A Lifting principle of curves under exponential-type maps

Abstract

We develop a lifting theory for the exponential map of semi-Riemannian manifolds that overcomes the classical obstruction caused by its singularities. We show that every smooth path in the manifold admits, up to a nondecreasing reparametrization, a partial lift through the exponential map which is inextensible in its domain of definition. If the exponential map satisfies the path-continuation property-a natural topological condition-these lifts extend globally, yielding a general path-lifting theorem. This lifting approach yields new, alternative proofs of (generalizations of) a number of foundational results in semi-Riemannian geometry: the Hopf-Rinow theorem and Serre's classic theorem about multiplicity of connecting geodesics in the Riemannian case, as well as the Avez-Seifert theorem for globally hyperbolic spacetimes in Lorentzian geometry.
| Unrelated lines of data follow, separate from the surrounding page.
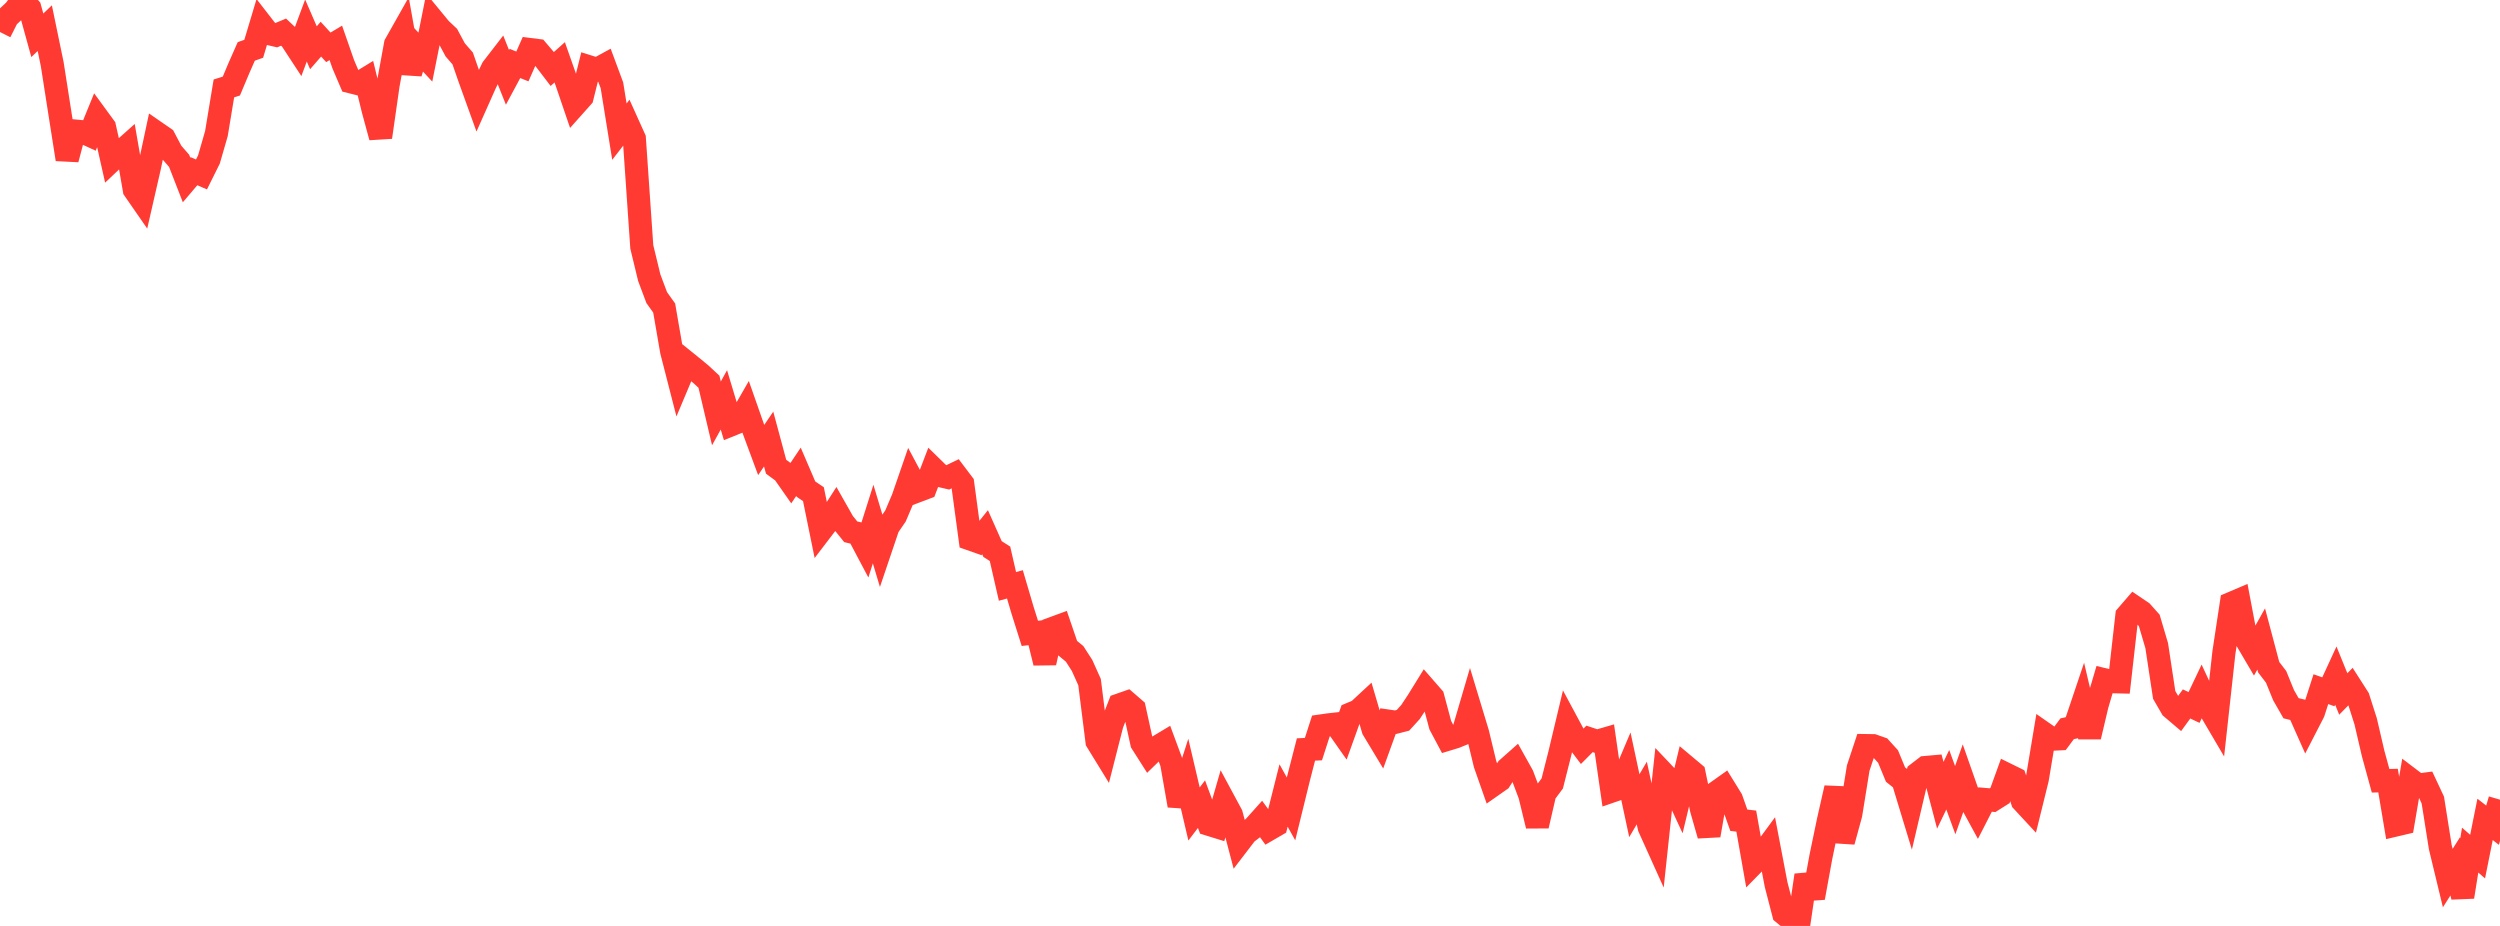 <?xml version="1.0" standalone="no"?>
<!DOCTYPE svg PUBLIC "-//W3C//DTD SVG 1.1//EN" "http://www.w3.org/Graphics/SVG/1.1/DTD/svg11.dtd">

<svg width="135" height="50" viewBox="0 0 135 50" preserveAspectRatio="none" 
  xmlns="http://www.w3.org/2000/svg"
  xmlns:xlink="http://www.w3.org/1999/xlink">


<polyline points="0.0, 1.729 0.403, 0.93 0.806, 0.55 1.209, 0.0 1.612, 0.447 2.015, 1.906 2.418, 1.52 2.821, 3.469 3.224, 6.044 3.627, 8.603 4.03, 7.075 4.433, 7.113 4.836, 7.298 5.239, 6.311 5.642, 6.862 6.045, 8.653 6.448, 8.271 6.851, 7.911 7.254, 10.241 7.657, 10.823 8.06, 9.063 8.463, 7.175 8.866, 7.453 9.269, 8.221 9.672, 8.684 10.075, 9.72 10.478, 9.246 10.881, 9.42 11.284, 8.608 11.687, 7.212 12.09, 4.774 12.493, 4.648 12.896, 3.689 13.299, 2.776 13.701, 2.635 14.104, 1.29 14.507, 1.809 14.91, 1.903 15.313, 1.735 15.716, 2.116 16.119, 2.732 16.522, 1.649 16.925, 2.579 17.328, 2.115 17.731, 2.556 18.134, 2.315 18.537, 3.471 18.94, 4.416 19.343, 4.517 19.746, 4.27 20.149, 5.927 20.552, 7.409 20.955, 4.593 21.358, 2.39 21.761, 1.676 22.164, 3.941 22.567, 2.65 22.97, 3.085 23.373, 1.072 23.776, 1.562 24.179, 1.941 24.582, 2.693 24.985, 3.156 25.388, 4.314 25.791, 5.431 26.194, 4.526 26.597, 3.689 27.0, 3.167 27.403, 4.177 27.806, 3.426 28.209, 3.588 28.612, 2.675 29.015, 2.726 29.418, 3.198 29.821, 3.726 30.224, 3.366 30.627, 4.511 31.03, 5.693 31.433, 5.241 31.836, 3.618 32.239, 3.744 32.642, 3.524 33.045, 4.61 33.448, 7.11 33.851, 6.59 34.254, 7.483 34.657, 13.333 35.06, 14.996 35.463, 16.07 35.866, 16.635 36.269, 18.966 36.672, 20.535 37.075, 19.577 37.478, 19.902 37.881, 20.238 38.284, 20.614 38.687, 22.323 39.09, 21.593 39.493, 22.932 39.896, 22.769 40.299, 22.068 40.701, 23.215 41.104, 24.302 41.507, 23.708 41.91, 25.204 42.313, 25.501 42.716, 26.076 43.119, 25.475 43.522, 26.413 43.925, 26.685 44.328, 28.661 44.731, 28.133 45.134, 27.506 45.537, 28.217 45.94, 28.716 46.343, 28.812 46.746, 29.574 47.149, 28.299 47.552, 29.641 47.955, 28.45 48.358, 27.86 48.761, 26.912 49.164, 25.745 49.567, 26.499 49.97, 26.346 50.373, 25.29 50.776, 25.684 51.179, 25.778 51.582, 25.582 51.985, 26.115 52.388, 29.102 52.791, 29.244 53.194, 28.741 53.597, 29.648 54.0, 29.905 54.403, 31.665 54.806, 31.555 55.209, 32.925 55.612, 34.202 56.015, 34.155 56.418, 35.792 56.821, 33.944 57.224, 33.796 57.627, 34.977 58.03, 35.31 58.433, 35.937 58.836, 36.834 59.239, 40.037 59.642, 40.692 60.045, 39.108 60.448, 38.069 60.851, 37.928 61.254, 38.277 61.657, 40.116 62.06, 40.75 62.463, 40.358 62.866, 40.116 63.269, 41.204 63.672, 43.498 64.075, 42.236 64.478, 43.954 64.881, 43.424 65.284, 44.513 65.687, 44.638 66.09, 43.239 66.493, 43.987 66.896, 45.518 67.299, 44.992 67.701, 44.684 68.104, 44.234 68.507, 44.789 68.91, 44.555 69.313, 42.955 69.716, 43.681 70.119, 42.04 70.522, 40.472 70.925, 40.453 71.328, 39.203 71.731, 39.145 72.134, 39.1 72.537, 39.674 72.94, 38.551 73.343, 38.382 73.746, 38.008 74.149, 39.383 74.552, 40.053 74.955, 38.94 75.358, 38.999 75.761, 38.896 76.164, 38.453 76.567, 37.842 76.97, 37.19 77.373, 37.652 77.776, 39.16 78.179, 39.917 78.582, 39.794 78.985, 39.63 79.388, 38.257 79.791, 39.587 80.194, 41.26 80.597, 42.408 81.0, 42.125 81.403, 41.502 81.806, 41.145 82.209, 41.868 82.612, 42.94 83.015, 44.595 83.418, 42.85 83.821, 42.308 84.224, 40.715 84.627, 39.025 85.03, 39.775 85.433, 40.306 85.836, 39.9 86.239, 40.034 86.642, 39.917 87.045, 42.714 87.448, 42.575 87.851, 41.622 88.254, 43.507 88.657, 42.824 89.06, 44.679 89.463, 45.573 89.866, 41.805 90.269, 42.231 90.672, 43.102 91.075, 41.422 91.478, 41.76 91.881, 43.701 92.284, 45.108 92.687, 42.787 93.09, 42.501 93.493, 43.153 93.896, 44.293 94.299, 44.339 94.701, 46.615 95.104, 46.204 95.507, 45.656 95.91, 47.766 96.313, 49.323 96.716, 49.653 97.119, 50.0 97.522, 47.262 97.925, 48.479 98.328, 46.27 98.731, 44.331 99.134, 42.549 99.537, 45.445 99.94, 43.972 100.343, 41.477 100.746, 40.262 101.149, 40.268 101.552, 40.409 101.955, 40.852 102.358, 41.827 102.761, 42.15 103.164, 43.476 103.567, 41.757 103.97, 41.447 104.373, 41.411 104.776, 42.945 105.179, 42.106 105.582, 43.208 105.985, 42.074 106.388, 43.222 106.791, 43.962 107.194, 43.174 107.597, 43.21 108.0, 42.956 108.403, 41.842 108.806, 42.04 109.209, 43.257 109.612, 43.691 110.015, 42.057 110.418, 39.634 110.821, 39.915 111.224, 39.895 111.627, 39.352 112.03, 39.265 112.433, 38.067 112.836, 39.785 113.239, 38.076 113.642, 36.711 114.045, 36.81 114.448, 36.82 114.851, 33.246 115.254, 32.78 115.657, 33.052 116.06, 33.503 116.463, 34.867 116.866, 37.525 117.269, 38.223 117.672, 38.566 118.075, 38.013 118.478, 38.204 118.881, 37.356 119.284, 38.222 119.687, 38.908 120.09, 35.243 120.493, 32.583 120.896, 32.412 121.299, 34.542 121.701, 35.226 122.104, 34.505 122.507, 36.025 122.91, 36.55 123.313, 37.54 123.716, 38.244 124.119, 38.341 124.522, 39.246 124.925, 38.463 125.328, 37.214 125.731, 37.358 126.134, 36.483 126.537, 37.475 126.94, 37.062 127.343, 37.691 127.746, 38.954 128.149, 40.687 128.552, 42.162 128.955, 42.152 129.358, 44.551 129.761, 44.456 130.164, 42.09 130.567, 42.396 130.97, 42.343 131.373, 43.203 131.776, 45.748 132.179, 47.417 132.582, 46.783 132.985, 48.432 133.388, 45.906 133.791, 46.257 134.194, 44.246 134.597, 44.561 135.0, 43.182" fill="none" stroke="#ff3a33" stroke-width="1.25"/>

</svg>

More broadly, our results reveal the central role of the continuation property in obtaining geodesic connectivity across a wide range of semi-Riemannian geometries. This offers a unifying geometric principle that is complementary to the more traditional analytic, variational methods used in to investigate geodesic connectedness, and provides new insight into the structure of geodesics, both on geodesically complete and non-complete manifolds. We also briefly point out how the lifting theory developed here can etend to more general flow-inducing maps on the tangent bundle other than the geodesic flow, suggesting broader geometric applicability beyond the exponential map.